Ranker orders documents according to the given criteria. For example, you can use it in your query pipeline to prioritize the most recent documents.

Rankers are made to improve your retrieval results. Besides fast and simple feature-based rankers (such as RecentnessRanker), you can use rich transformer-based models that are sensitive to word order and syntax. In a pipeline, you can pair a Ranker with a keyword-based Retriever, like BM25Retriever. BM25Retriever is lightweight but insensitive to word order. Adding a Ranker after BM25Retriever in your query pipeline offsets this weakness and results in a better-sorted list of relevant documents

The improvement the Ranker brings comes at the cost of computational time.

Basic Information

  • Pipeline type: Used in query pipelines.
  • Nodes that can precede it in a pipeline: JoinDocuments, Retriever
  • Nodes that can follow it in a pipeline: JoinDocuments, PromptNode, Reader
  • Node input: Documents
  • Node output: Documents
  • Available node classes: CohereRanker, DeepsetMetaFieldRanker, DiversityRanker, EmbeddingRanker, LostInTheMiddleRanker, RecentnessRanker, SentenceTransformersRanker

Rankers Overview

There are two categories of rankers: model-based and feature-based. See the table below for a comparison of the two:

Model-Based RankersFeature-Based Rankers
DescriptionModel-based rankers work with document embeddings. They embed both the documents and the query using a transformer model.

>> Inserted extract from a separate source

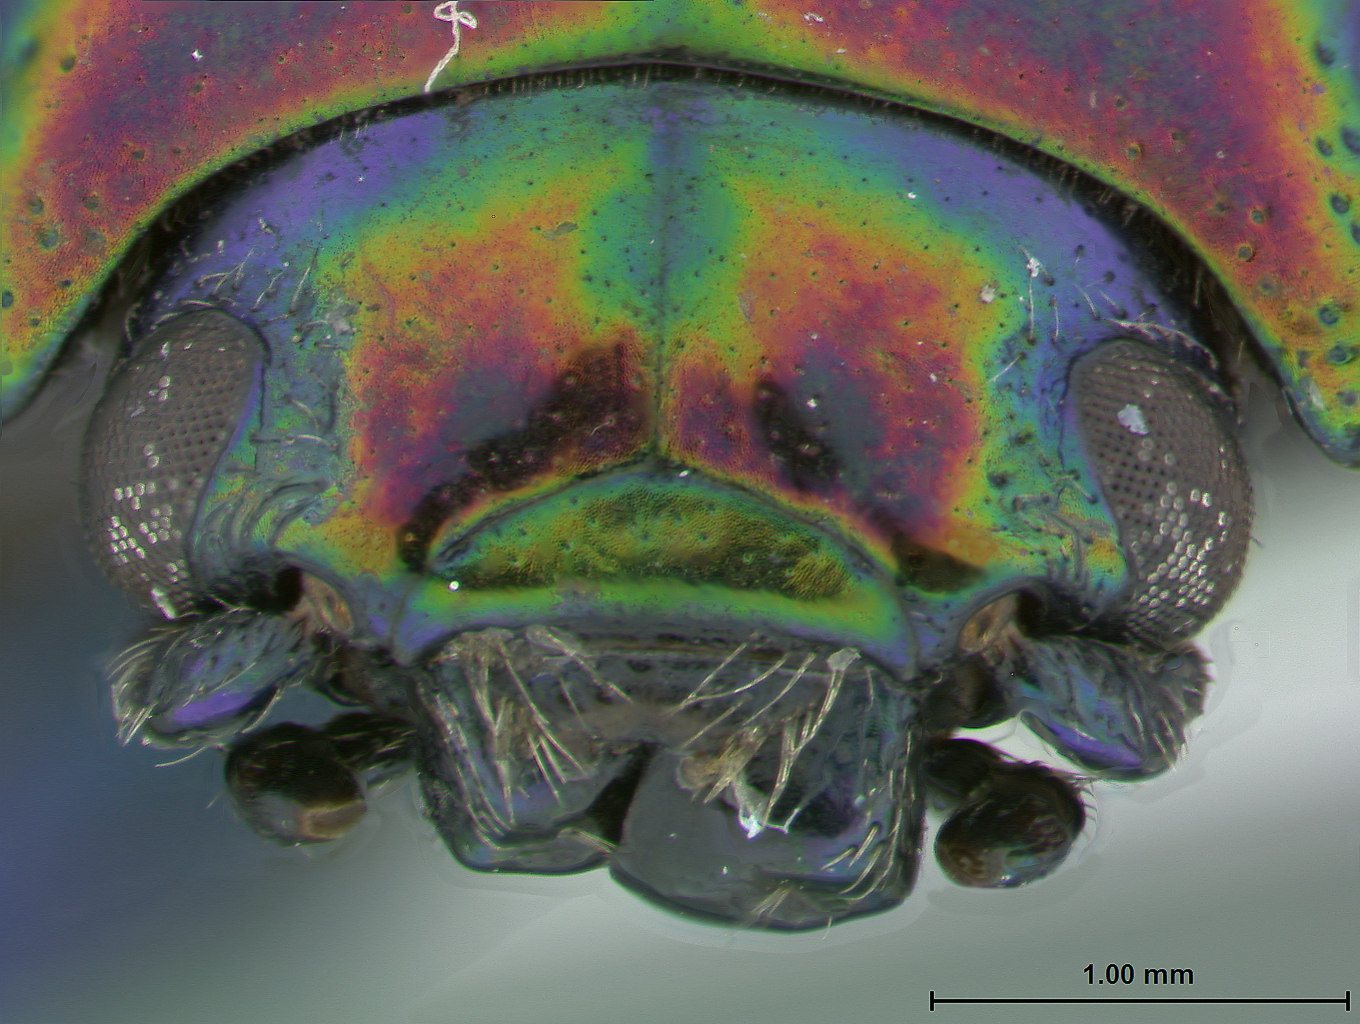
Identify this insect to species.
Ambrostoma omeishana

They then sort the documents by their similarity to the query.
These rankers are trained using labeled datasets. They're language-specific.
Feature-based rankers work with document metadata. They sort documents based on features in their metadata fields, such as recentness.
Advantages- Powerful
- Use transformer encoder models that take word order and syntax into account
- Build strong semantic representations of text
- Can improve the initial ranking done by a weak but fast retriever
- Lightweight
- No training required
- Can sort based on document features, such as recentness
- Can improve the initial ranking that lacks a given document feature
Disadvantages- More expensive computationally
- Have problems with out-of-vocabulary words
Available classesSentenceTransformersRanker
EmbeddingRanker
CohereRanker
DiversityRanker
RecentnessRanker
LostInTheMiddleRanker
DeepsetMetaFieldRanker

CohereRanker

CohereRanker uses models by Cohere to rerank documents. Cohere models are trained with a context length of 512 tokens. The model takes into account both the tokens from the query and the document. If your query is longer than 256 tokens, it's shortened to the first 256 tokens.

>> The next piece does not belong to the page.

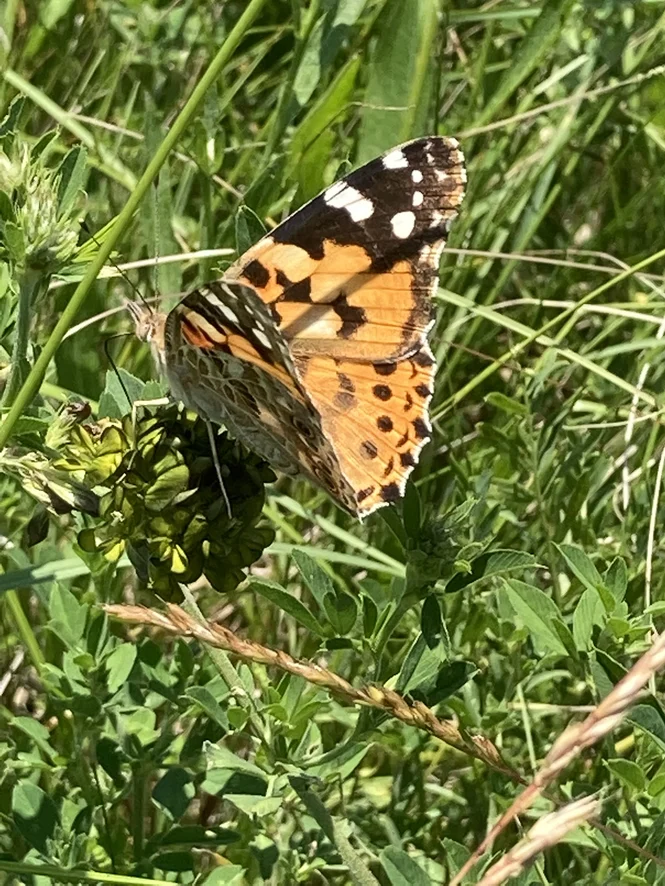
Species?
Vanessa cardui

For more information and best practices on re-ranking in Cohere, see Cohere documentation.

DeepsetMetaFieldRanker

Use this ranker to rank documents based on the value of their metadata field. You can set the ranking to ascending or descending.

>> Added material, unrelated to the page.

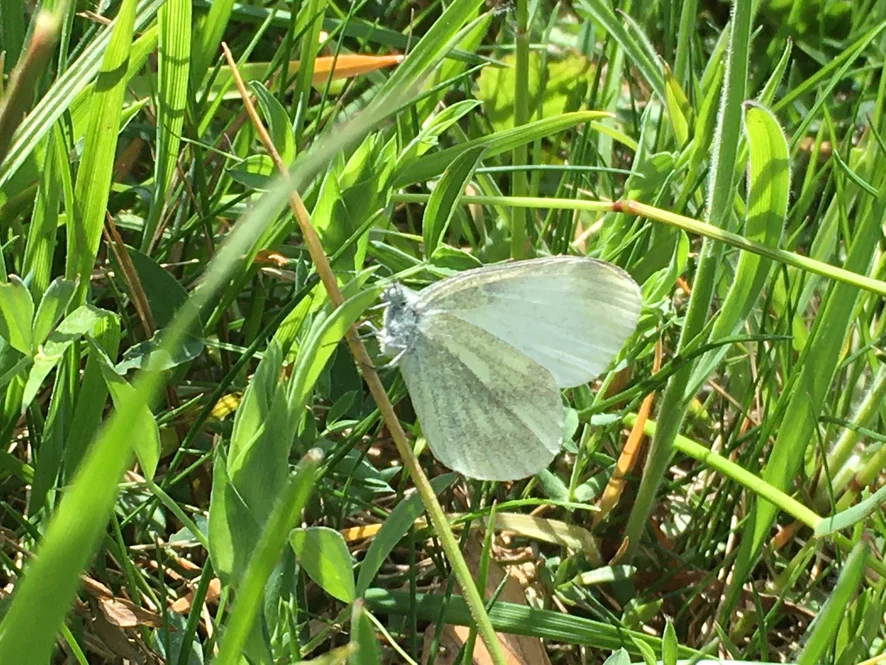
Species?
Leptidea sinapis/juvernica

For instance, if you want documents with higher ratings to appear first, you can adjust the settings in DeepsetMetaFieldRanker. Make sure your documents have a metadata field labeled 'rating' to store their scores. Then, set DeepsetMetaFieldRanker to rank the documents by the value of their 'rating' field in descending order, ensuring that documents with higher ratings are prioritized and appear at the top of your list.

Diversity Ranker

This ranker is typically used in retrieval augmented generation (RAG) pipelines where a large language model (LLM) generates the answer based on the documents you feed to it in the prompt. DiversityRanker ensures that the generated answer is based on diverse documents.

It uses a sentence transformer model to calculate the semantic representation (embedding) for each document. Then, it ranks the documents so that each subsequent document is the least similar to the ones it already selected. This results in a diverse set of documents.

You can use it in combination with other rankers. If you do so, place it after the similarity ranker, like SentenceTransformersRanker, but before the LostInTheMiddleRanker. Such setup is typical for the long form question answering task.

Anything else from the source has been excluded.